- **Prompt**:
Reproduce only this range: the line holding "LaTeX: K ( k" through the last line of the data below, both included, exactly, with no pictures.

- **Raw data**:
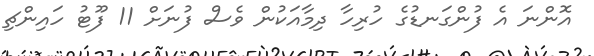
އޮންނަ އެ ފުންގަނޑުގެ ހުރިހާ ދިމާއަކުން ވެސް ފުނަށް 11 ފޫޓު ހައިންޗި
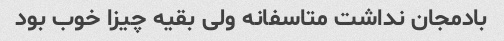
بادمجان نداشت متاسفانه ولی بقیه چیزا خوب بود
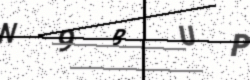
Text: N9BUP
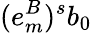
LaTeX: (e_{m}^{B})^{s}b_{0}
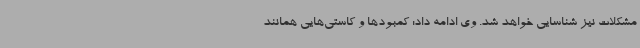
مشکلات نیز شناسایی خواهد شد. وی ادامه داد: کمبودها و کاستی‌هایی همانند
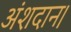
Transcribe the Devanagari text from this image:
अंशदान।
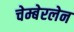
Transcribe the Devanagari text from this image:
चेम्बेरलेन
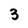
Character: 3
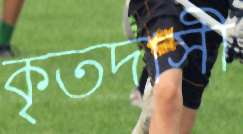
কৃতদাসী
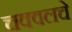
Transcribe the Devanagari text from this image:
चक्वलचे
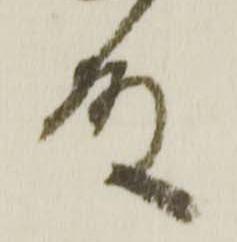
殿
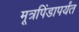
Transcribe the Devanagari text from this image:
मूत्रपिंडापर्यंत
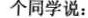
个同学说：
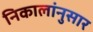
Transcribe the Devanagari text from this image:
निकालांनुसार
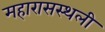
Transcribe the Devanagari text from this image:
महारासस्थली
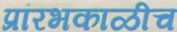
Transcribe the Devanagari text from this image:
प्रांरभकाळीच
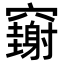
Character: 𥩄
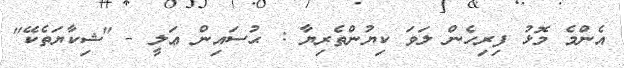
އެންމެ މޮޅު ފިރިހެން ލަވަ ކިޔުންތެރިޔާ : ޙުސައިން ޢަލީ - "ޝިކާޔަތެކޭ"
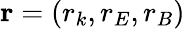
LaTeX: \mathbf{r}=(r_{k},r_{E},r_{B})
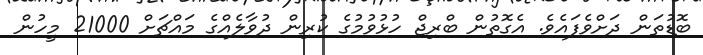
ބޮޑުތަން ދަށްވެފައެވެ. އެގޮތުން ބްރިޖް ހުޅުވުމުގެ ކުރިން ދުވާލެއްގެ މައްޗަށް 21000 މީހުން
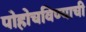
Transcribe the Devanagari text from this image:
पोहोचविण्याची
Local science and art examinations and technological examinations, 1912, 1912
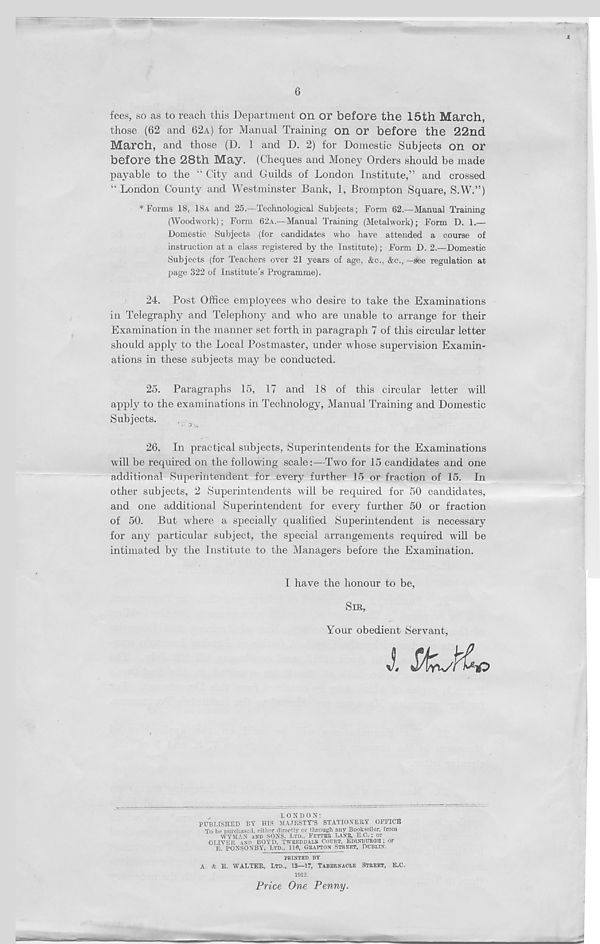
4
6
fees, so as to reach this Department on or before the 15th March,
those (62 and 62A) for Manual Training on or before the 22nd
March, and those (D. 1 and D. 2) for Domestic Subjects on or
before the 28th May. (Cheques and Money Orders should be made
payable to the “ City and Guilds of London Institute,” and crossed
“ London County and Westminster Bank, 1, Brompton Square, S.W.”)
* Forms 18, 18A and 25.—Technological Subjects; Form 62.—Manual Training
(Woodwork); Form 62A.—Manual Training (Metalwork); Form D. 1.—
Domestic Subjects (for candidates who have attended a course of
instruction at a class registered by the Institute); Form D. 2.—Domestic
Subjects (for Teachers over 21 years of age, &c., &c., —see regulation at
page 322 of Institute’s Programme).
24. Post Office employees who desire to take the Examinations
in Telegraphy and Telephony and who are unable to arrange for their
Examination in the manner set forth in paragraph 7 of this circular letter
should apply to the Local Postmaster, under whose supervision Examin-
ations in these subjects may be conducted.
25. Paragraphs 15, 17 and 18 of this circular letter will
apply to the examinations in Technology, Manual Training and Domestic
Subjects.
^
26. In practical subjects, Superintendents for the Examinations
will be required on the following scale:—Two for 15 candidates and one
additional Superintendent for every further 15 or fraction of 15. In
other subjects, 2 Superintendents will be required for 50 candidates,
and one additional Superintendent for every further 50 or fraction
of 50. But where a specially qualified Superintendent is necessary
for any particular subject, the special arrangements required will be
intimated by the Institute to the Managers before the Examination.
I have the honour to be,
SIR,
Your obedient Servant,
^
LONDOX:
PUBLISHED BY HIS MAJESTY’S STATIONERY OFFICE
To be purchased, either directly or through any Bookseller, from
WYMAN AND SONS, LTD., FETTEE LANE, E.C. ; or
OLIVER AND BOYD, TWEED DALE COURT, EDlNIumOII; or
E PONSONBY, LTD., llfl, GRAFTON STREET, DUBLIN.
PRINTED BY
A.
E. WALTER, LTD., 13—17, TABERNACLE STREET, E.C.
1912.
Price One Penny.
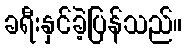
ခရီးနှင်ခဲ့ပြန်သည်။
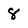
Character: 8
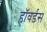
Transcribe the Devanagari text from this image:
हॉवर्डस
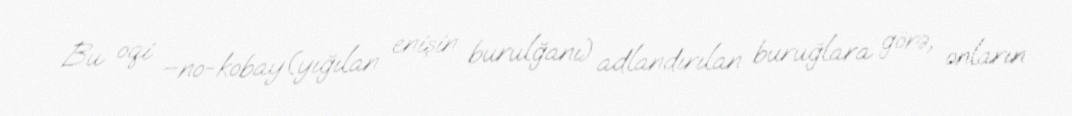
Bu oqi –no-kobay(yığılan enişin burulğanı) adlandırılan buruğlara görə, onların
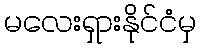
မလေးရှားနိုင်ငံမှ
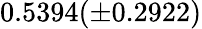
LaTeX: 0.5394(\pm 0.2922)
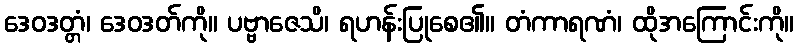
ဒေဝဒတ္တံ၊ ဒေဝဒတ်ကို။ ပဗ္ဗာဇေသိ၊ ရဟန်းပြုစေ၏။ တံကာရဏံ၊ ထိုအကြောင်းကို။
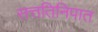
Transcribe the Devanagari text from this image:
सत्ततिनिपात
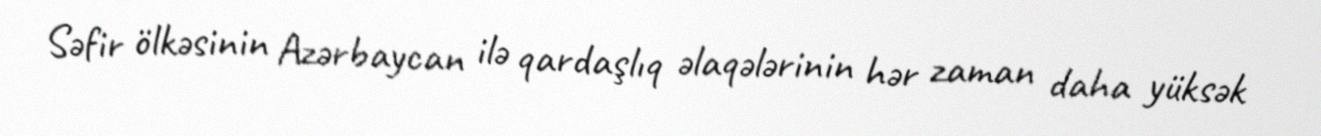
Səfir ölkəsinin Azərbaycan ilə qardaşlıq əlaqələrinin hər zaman daha yüksək
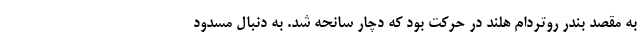
به مقصد بندر روتردام هلند در حرکت بود که دچار سانحه شد. به دنبال مسدود
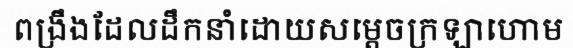
ពង្រឹងដែលដឹកនាំដោយសម្តេចក្រឡាហោម
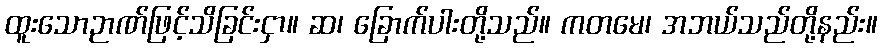
ထူးသောဉာဏ်ဖြင့်သိခြင်းငှာ။ ဆ၊ ခြောက်ပါးတို့သည်။ ကတမေ၊ အဘယ်သည်တို့နည်း။
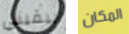
يبقيني المكان
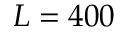
L = 4 0 0
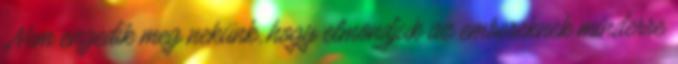
„Nem engedik meg nekünk, hogy elmondjuk az embereknek minderre
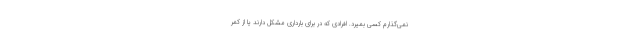
نمی‌گذارم کسی بمیرد. افرادی که در برای بارداری مشکل دارند یا از کمر
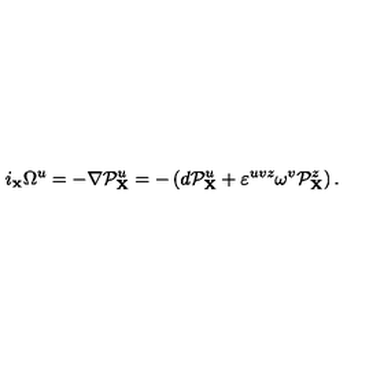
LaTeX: i _ { \scriptscriptstyle { \bf X } } \Omega ^ { u } = - \nabla { \cal P } _ { { \bf X } } ^ { u } = - \left( d { \cal P } _ { { \bf X } } ^ { u } + \varepsilon ^ { u v z } \omega ^ { v } { \cal P } _ { { \bf X } } ^ { z } \right) .
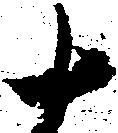
十
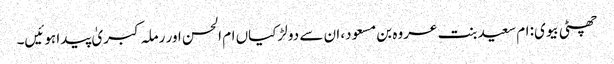
چھٹی بیوی: ام سعید بنت عروہ بن مسعود، ان سے دو لڑکیاں ام الحسن اور رملہ کبریٰ پیدا ہوئیں۔
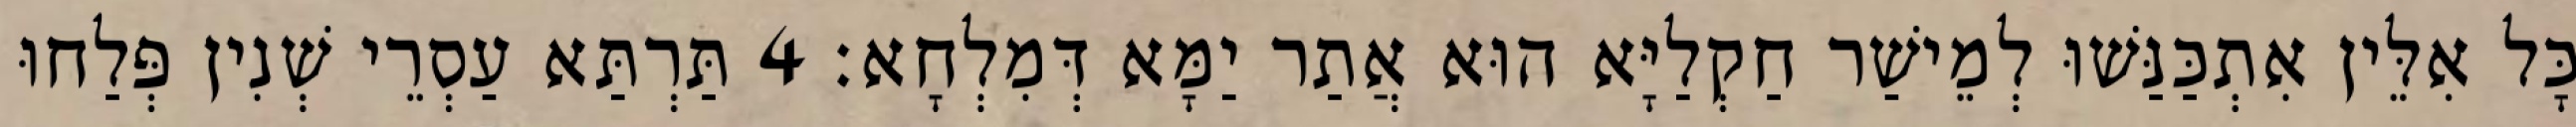
כָּל אִלֵּין אִתְכַּנַּשׁוּ לְמֵישַׁר חַקְלַיָּא הוּא אֲתַר יַמָּא דְּמִלְחָא׃ 4 תַּרְתַּא עַסְרֵי שְׁנִין פְּלַחוּ
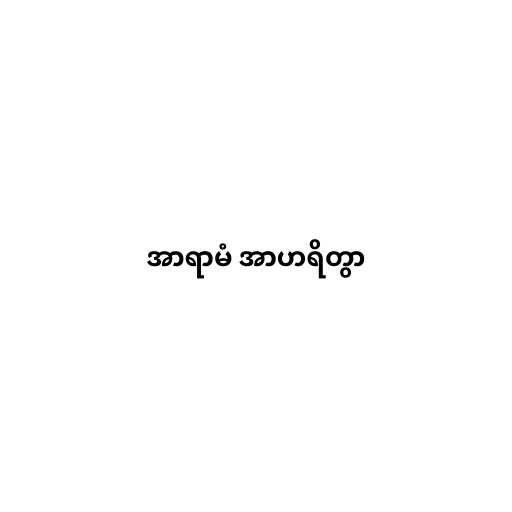
အာရာမံ အာဟရိတွာ
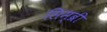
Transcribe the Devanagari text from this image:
सिम्ब्री
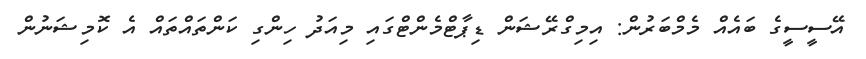
އޭސީސީގެ ބައެއް މެމްބަރުން: އިމިގްރޭޝަން ޑިޕާޓްމެންޓްގައި މިއަދު ހިންގި ކަންތައްތައް އެ ކޮމިޝަނުން
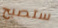
ستصبح
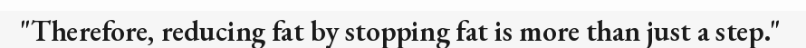
"Therefore, reducing fat by stopping fat is more than just a step."
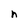
Character: n
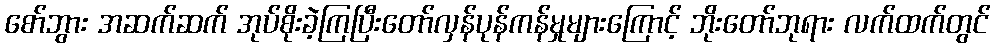
စော်ဘွား အဆက်ဆက် အုပ်စိုးခဲ့ကြပြီးတော်လှန်ပုန်ကန်မှုများကြောင့် ဘိုးတော်ဘုရား လက်ထက်တွင်
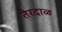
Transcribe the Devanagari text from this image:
तेरदाळ
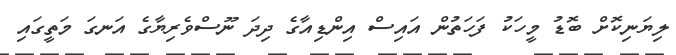
ލިޔަނިކޮށް ބޮޑު މީހަކު ފަހަތުން އައިސް އިންޑިއާގެ ދިދަ ނޫސްވެރިޔާގެ އަނގަ މަތީގައި
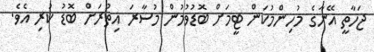
ޖަހާތީ އޭނާގެ މުހިންމުކަން ޓީމަށް ބޮޑުވުމުން މުސާރަ އިތުރަށް ބޮޑު ކުރި އެވެ.
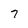
Character: 7
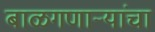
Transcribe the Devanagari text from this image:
बाळगणाऱ्यांचा
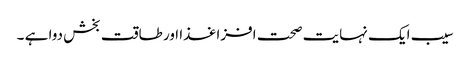
سیب ایک نہایت صحت افزا غذا اور طاقت بخش دوا ہے ۔
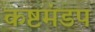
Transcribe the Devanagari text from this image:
कष्टमंडप
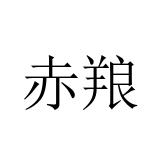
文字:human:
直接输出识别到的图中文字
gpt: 赤羪
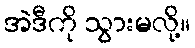
အဲဒီကို သွားမလို့။
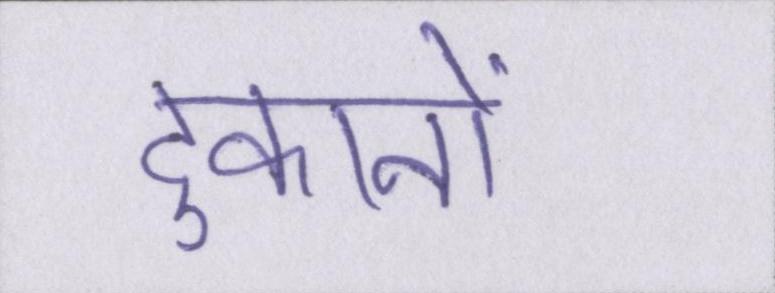
दुकानों
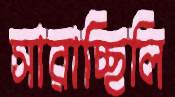
সারাচ্ছিলি
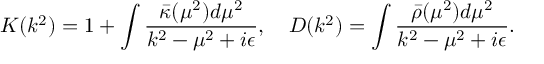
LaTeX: K ( k ^ { 2 } ) = 1 + \int \frac { \bar { \kappa } ( \mu ^ { 2 } ) d \mu ^ { 2 } } { k ^ { 2 } - \mu ^ { 2 } + i \epsilon } , \quad D ( k ^ { 2 } ) = \int \frac { \bar { \rho } ( \mu ^ { 2 } ) d \mu ^ { 2 } } { k ^ { 2 } - \mu ^ { 2 } + i \epsilon } .
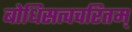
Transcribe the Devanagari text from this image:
बोधिसत्वचरितम्
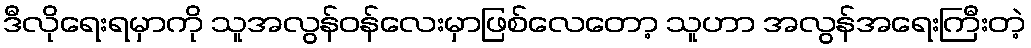
ဒီလိုရေးရမှာကို သူအလွန်ဝန်လေးမှာဖြစ်လေတော့ သူဟာ အလွန်အရေးကြီးတဲ့
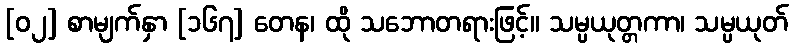
[၀၂] စာမျက်နှာ [၁၆၇] တေန၊ ထို သဘောတရားဖြင့်။ သမ္ပယုတ္တကာ၊ သမ္ပယုတ်
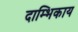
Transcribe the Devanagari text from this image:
दाम्भिकाय
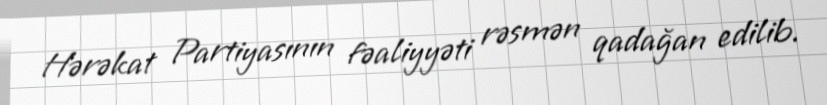
Hərəkat Partiyasının fəaliyyəti rəsmən qadağan edilib.
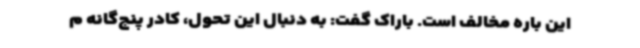
این باره مخالف است. باراک گفت: به دنبال این تحول، کادر پنج‌گانه م

- **The completed task**:
LaTeX: K ( k ^ { 2 } ) = 1 + \int \frac { \bar { \kappa } ( \mu ^ { 2 } ) d \mu ^ { 2 } } { k ^ { 2 } - \mu ^ { 2 } + i \epsilon } , \quad D ( k ^ { 2 } ) = \int \frac { \bar { \rho } ( \mu ^ { 2 } ) d \mu ^ { 2 } } { k ^ { 2 } - \mu ^ { 2 } + i \epsilon } .
Transcribe the Devanagari text from this image:
बोधिसत्वचरितम्
ဒီလိုရေးရမှာကို သူအလွန်ဝန်လေးမှာဖြစ်လေတော့ သူဟာ အလွန်အရေးကြီးတဲ့
[၀၂] စာမျက်နှာ [၁၆၇] တေန၊ ထို သဘောတရားဖြင့်။ သမ္ပယုတ္တကာ၊ သမ္ပယုတ်
Transcribe the Devanagari text from this image:
दाम्भिकाय
Hərəkat Partiyasının fəaliyyəti rəsmən qadağan edilib.
این باره مخالف است. باراک گفت: به دنبال این تحول، کادر پنج‌گانه م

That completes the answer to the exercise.